## TASK INSTRUCTIONS
Because the entries hold pictures, reproduce only their words, exactly as written.

Data entries

________________________________________

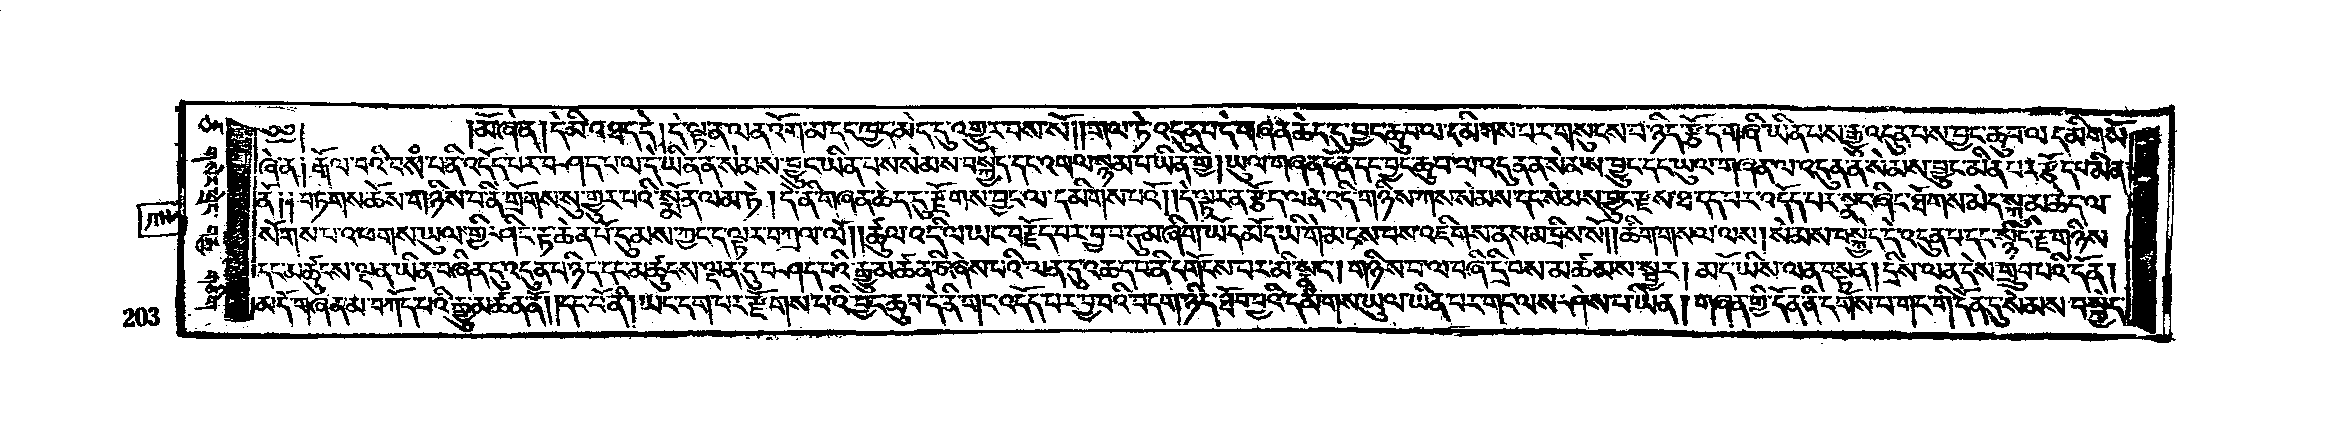༄༅། །མོ་ཞེ་ན། དེ་མི་འཐད་དེ། དེ་ལྟ་ན་ལན་འོག་མ་དང་ཁྱད་མེད་དུ་འགྱུར་བས་སོ། །གལ་ཏེ་འདུན་པ་དེ་གཞན་ཆེད་དུ་བྱང་ཆུབ་ལ་དམིགས་པར་གསུངས་པ་ཉིད་རྩོད་གཞི་ཡིན་པས་རྒྱུ་འདུན་པས་བྱང་ཆུབ་ལ་དམིགས་སོ་
ཞེ་ན། རྒོལ་བའི་བསམ་པ་ནི་འདོད་པར་བཤད་པ་ལ་དེ་ཡིན་ན་སེམས་བྱུང་ཡིན་པས་སེམས་བསྐྱེད་དང་འགལ་སྙམ་པ་ཡིན་གྱི། ཡུལ་གཞན་དོན་དང་བྱང་ཆུབ་ལ་འདུན་ན་སེམས་བྱུང་དང་ཡུལ་གཞན་ལ་འདུན་ན་སེམས་བྱུང་མིན་པར་རྩོད་པ་མིན་
ནོ། །བཏགས་ཆོས་གཉིས་པ་ནི་གྲོགས་སུ་གྱུར་པའི་སྨོན་ལམ་ཏེ། དེ་ནི་གཞན་ཆེད་དུ་རྫོགས་བྱང་ལ་དམིགས་པའོ། །དེ་ལྟར་ན་རྩོད་ལན་འདི་གཉིས་ཀས་སེམས་དང་སེམས་བྱུང་རྫས་ཐ་དད་པར་འདོད་པར་སྣང་ཞིང་ཐོགས་མེད་སྐུ་མཆེད་ལ་
སོགས་པ་འཕགས་ཡུལ་གྱི་ཤིང་རྟ་ཆེན་པོ་དུ་མས་ཀྱང་ད་ལྟར་བཀྲལ་ལོ། །ཚུལ་འདི་ལ་ཡང་བརྗོད་པར་བྱ་བ་དུ་མ་ཞིག་ཡོད་མོད་ཡི་གེ་མངས་པས་འཇིགས་ནས་མ་བྲིས་སོ། །ཚིག་གསལ་ལས། སེམས་བསྐྱེད་དེ་འདུན་པ་དང་སྙིང་རྗེ་གཉིས་
དང་མཚུངས་ལྡན་ཡིན་བཞིན་དུ་འདུན་པ་ཉིད་དང་མཚུངས་ལྡན་དུ་བཤད་པའི་རྒྱུ་མཚན་ཅི་ཞེས་པའི་ལན་དུ་འཆད་པ་ནི་དགོངས་པར་མི་སྣང་། གཉིས་པ་ལ་བཞི་དྲི་བས་མཚམས་སྦྱར། མདོ་ཡིས་ལན་བསྟན། དྲིས་ལན་དེས་གྲུབ་པའི་དོན།
མདོ་གཞན་མ་བཀོད་པའི་རྒྱུ་མཚན་ནོ། །དང་པོ་ནི། ཡང་དག་པར་རྫོགས་པའི་བྱང་ཆུབ་དེ་ནི་གང་འདོད་པར་བྱ་བའི་བདག་ཉིད་ཐོབ་བྱའི་དམིགས་ཡུལ་ཡིན་པར་གང་ལས་ཤེས་པ་ཡིན། གཞན་གྱི་དོན་ནི་དགོས་པ་གང་གི་དོན་དུ་སེམས་བསྐྱེད་
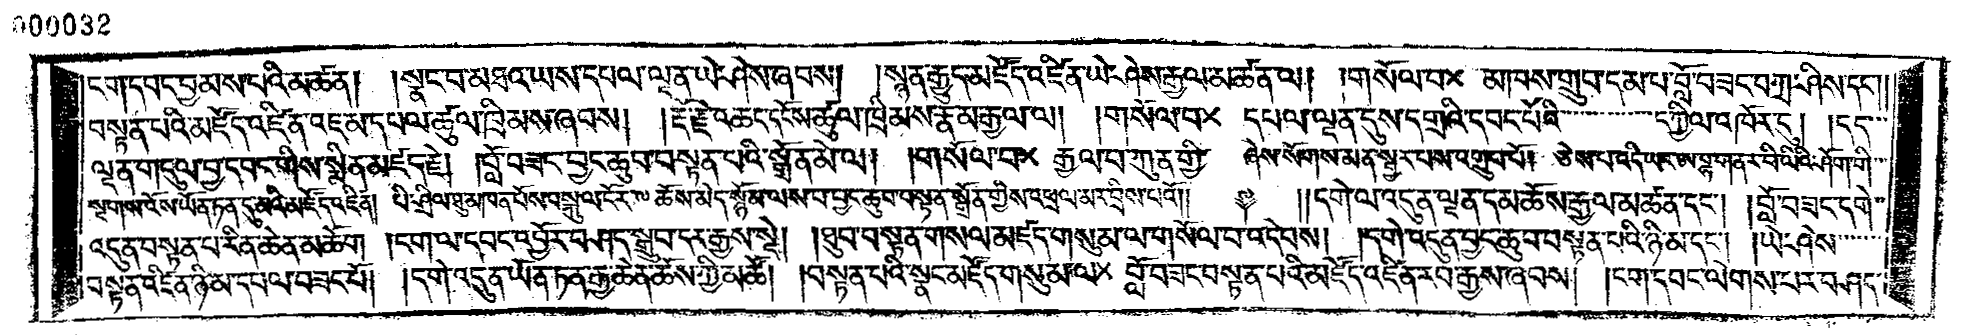ངག་དབང་བྱམས་པའི་མཚན། །སྣང་བ་མཐའ་ཡས་དཔལ་ལྡན་ཡེ་ཤེས་ཞབས། །སྙན་རྒྱུད་མཛོད་འཛིན་ཡེ་ཤེས་རྒྱལ་མཚན་ལ། །གསོལ་བ྾་མཁས་གྲུབ་དམ་པ་བློ་བཟང་བཀྲ་ཤིས་དང།།
བསྟན་པའི་མཛོད་འཛིན་འཇམ་དཔལ་ཚུལ་ཁྲིམས་ཞབས། །རྡོ་རྗེ་འཆང་དངོས་ཚུལ་ཁྲིམས་རྣམ་རྒྱལ་ལ། །གསོལ་བ྾་དཔལ་ལྡན་དུས་དགྲའི་དབང་པོའི་དཀྱིལ་འཁོར་དུ། །དད་
ལྡན་གདུལ་བྱ་དབང་གིས་སྨིན་མཛད་རྗེ། །བློ་བཟང་བྱང་ཆུབ་བསྟན་པའི་སྒྲོན་མེ་ལ། །གསོལ་བ྾་རྒྱལ་བ་ཀུན་གྱི་ཞེས་སོགས་མན་སྦྱར་པས་འགྲུབ་པོ། ཅེས་པ་འདི་ཡང་ཨ་བྷ་ག་ན་ར་བི་ལིའི་ཤོག་གི་
སྔགས་འོས་ཡོན་ཏན་དུ་མའི་མཛོད་འཛིན། པི་ཤྲིལ་ཐུ་མཁན་པོས་བསྐུལ་ངོར་༧་ཆོས་མེད་སྙོམ་ལས་པ་བྱང་ཆུབ་བསྟན་སྒྲོན་གྱིས་འཕྲལ་མར་བྲིས་པའོ།། ༈ །།དགེ་ལ་འདུན་ལྡན་དམ་ཆོས་རྒྱལ་མཚན་དང་། །བློ་བཟང་དགེ་
འདུན་བསྟན་པ་རིན་ཆེན་མཆོག །ངག་ལ་དབང་འབྱོར་བཤད་སྒྲུབ་དར་རྒྱས་སྡེ། །ཐུབ་བསྟན་གསལ་མཛད་གསུམ་ལ་གསོལ་བ་འདེབས། །དགེ་འདུན་བྱང་ཆུབ་བསྟན་པའི་ཉི་མ་དང་། །ཡེ་ཤེས་
བསྟན་འཛིན་ཉི་མ་དཔལ་བཟང་པོ། །དགེ་འདུན་ཡོན་ཏན་རྒྱ་ཆེན་ཆོས་ཀྱི་མཚོ། །བསྟན་པའི་སྣང་མཛོད་གསུམ་ལ྾་བློ་བཟང་བསྟན་པའི་མཛོད་འཛིན་རབ་རྒྱས་ཞབས། །ངག་དབང་ལེགས་པར་བཤད་

________________________________________

## TASK OUTPUT
༄༅། །མོ་ཞེ་ན། དེ་མི་འཐད་དེ། དེ་ལྟ་ན་ལན་འོག་མ་དང་ཁྱད་མེད་དུ་འགྱུར་བས་སོ། །གལ་ཏེ་འདུན་པ་དེ་གཞན་ཆེད་དུ་བྱང་ཆུབ་ལ་དམིགས་པར་གསུངས་པ་ཉིད་རྩོད་གཞི་ཡིན་པས་རྒྱུ་འདུན་པས་བྱང་ཆུབ་ལ་དམིགས་སོ་
ཞེ་ན། རྒོལ་བའི་བསམ་པ་ནི་འདོད་པར་བཤད་པ་ལ་དེ་ཡིན་ན་སེམས་བྱུང་ཡིན་པས་སེམས་བསྐྱེད་དང་འགལ་སྙམ་པ་ཡིན་གྱི། ཡུལ་གཞན་དོན་དང་བྱང་ཆུབ་ལ་འདུན་ན་སེམས་བྱུང་དང་ཡུལ་གཞན་ལ་འདུན་ན་སེམས་བྱུང་མིན་པར་རྩོད་པ་མིན་
ནོ། །བཏགས་ཆོས་གཉིས་པ་ནི་གྲོགས་སུ་གྱུར་པའི་སྨོན་ལམ་ཏེ། དེ་ནི་གཞན་ཆེད་དུ་རྫོགས་བྱང་ལ་དམིགས་པའོ། །དེ་ལྟར་ན་རྩོད་ལན་འདི་གཉིས་ཀས་སེམས་དང་སེམས་བྱུང་རྫས་ཐ་དད་པར་འདོད་པར་སྣང་ཞིང་ཐོགས་མེད་སྐུ་མཆེད་ལ་
སོགས་པ་འཕགས་ཡུལ་གྱི་ཤིང་རྟ་ཆེན་པོ་དུ་མས་ཀྱང་ད་ལྟར་བཀྲལ་ལོ། །ཚུལ་འདི་ལ་ཡང་བརྗོད་པར་བྱ་བ་དུ་མ་ཞིག་ཡོད་མོད་ཡི་གེ་མངས་པས་འཇིགས་ནས་མ་བྲིས་སོ། །ཚིག་གསལ་ལས། སེམས་བསྐྱེད་དེ་འདུན་པ་དང་སྙིང་རྗེ་གཉིས་
དང་མཚུངས་ལྡན་ཡིན་བཞིན་དུ་འདུན་པ་ཉིད་དང་མཚུངས་ལྡན་དུ་བཤད་པའི་རྒྱུ་མཚན་ཅི་ཞེས་པའི་ལན་དུ་འཆད་པ་ནི་དགོངས་པར་མི་སྣང་། གཉིས་པ་ལ་བཞི་དྲི་བས་མཚམས་སྦྱར། མདོ་ཡིས་ལན་བསྟན། དྲིས་ལན་དེས་གྲུབ་པའི་དོན།
མདོ་གཞན་མ་བཀོད་པའི་རྒྱུ་མཚན་ནོ། །དང་པོ་ནི། ཡང་དག་པར་རྫོགས་པའི་བྱང་ཆུབ་དེ་ནི་གང་འདོད་པར་བྱ་བའི་བདག་ཉིད་ཐོབ་བྱའི་དམིགས་ཡུལ་ཡིན་པར་གང་ལས་ཤེས་པ་ཡིན། གཞན་གྱི་དོན་ནི་དགོས་པ་གང་གི་དོན་དུ་སེམས་བསྐྱེད་
ངག་དབང་བྱམས་པའི་མཚན། །སྣང་བ་མཐའ་ཡས་དཔལ་ལྡན་ཡེ་ཤེས་ཞབས། །སྙན་རྒྱུད་མཛོད་འཛིན་ཡེ་ཤེས་རྒྱལ་མཚན་ལ། །གསོལ་བ྾་མཁས་གྲུབ་དམ་པ་བློ་བཟང་བཀྲ་ཤིས་དང།།
བསྟན་པའི་མཛོད་འཛིན་འཇམ་དཔལ་ཚུལ་ཁྲིམས་ཞབས། །རྡོ་རྗེ་འཆང་དངོས་ཚུལ་ཁྲིམས་རྣམ་རྒྱལ་ལ། །གསོལ་བ྾་དཔལ་ལྡན་དུས་དགྲའི་དབང་པོའི་དཀྱིལ་འཁོར་དུ། །དད་
ལྡན་གདུལ་བྱ་དབང་གིས་སྨིན་མཛད་རྗེ། །བློ་བཟང་བྱང་ཆུབ་བསྟན་པའི་སྒྲོན་མེ་ལ། །གསོལ་བ྾་རྒྱལ་བ་ཀུན་གྱི་ཞེས་སོགས་མན་སྦྱར་པས་འགྲུབ་པོ། ཅེས་པ་འདི་ཡང་ཨ་བྷ་ག་ན་ར་བི་ལིའི་ཤོག་གི་
སྔགས་འོས་ཡོན་ཏན་དུ་མའི་མཛོད་འཛིན། པི་ཤྲིལ་ཐུ་མཁན་པོས་བསྐུལ་ངོར་༧་ཆོས་མེད་སྙོམ་ལས་པ་བྱང་ཆུབ་བསྟན་སྒྲོན་གྱིས་འཕྲལ་མར་བྲིས་པའོ།། ༈ །།དགེ་ལ་འདུན་ལྡན་དམ་ཆོས་རྒྱལ་མཚན་དང་། །བློ་བཟང་དགེ་
འདུན་བསྟན་པ་རིན་ཆེན་མཆོག །ངག་ལ་དབང་འབྱོར་བཤད་སྒྲུབ་དར་རྒྱས་སྡེ། །ཐུབ་བསྟན་གསལ་མཛད་གསུམ་ལ་གསོལ་བ་འདེབས། །དགེ་འདུན་བྱང་ཆུབ་བསྟན་པའི་ཉི་མ་དང་། །ཡེ་ཤེས་
བསྟན་འཛིན་ཉི་མ་དཔལ་བཟང་པོ། །དགེ་འདུན་ཡོན་ཏན་རྒྱ་ཆེན་ཆོས་ཀྱི་མཚོ། །བསྟན་པའི་སྣང་མཛོད་གསུམ་ལ྾་བློ་བཟང་བསྟན་པའི་མཛོད་འཛིན་རབ་རྒྱས་ཞབས། །ངག་དབང་ལེགས་པར་བཤད་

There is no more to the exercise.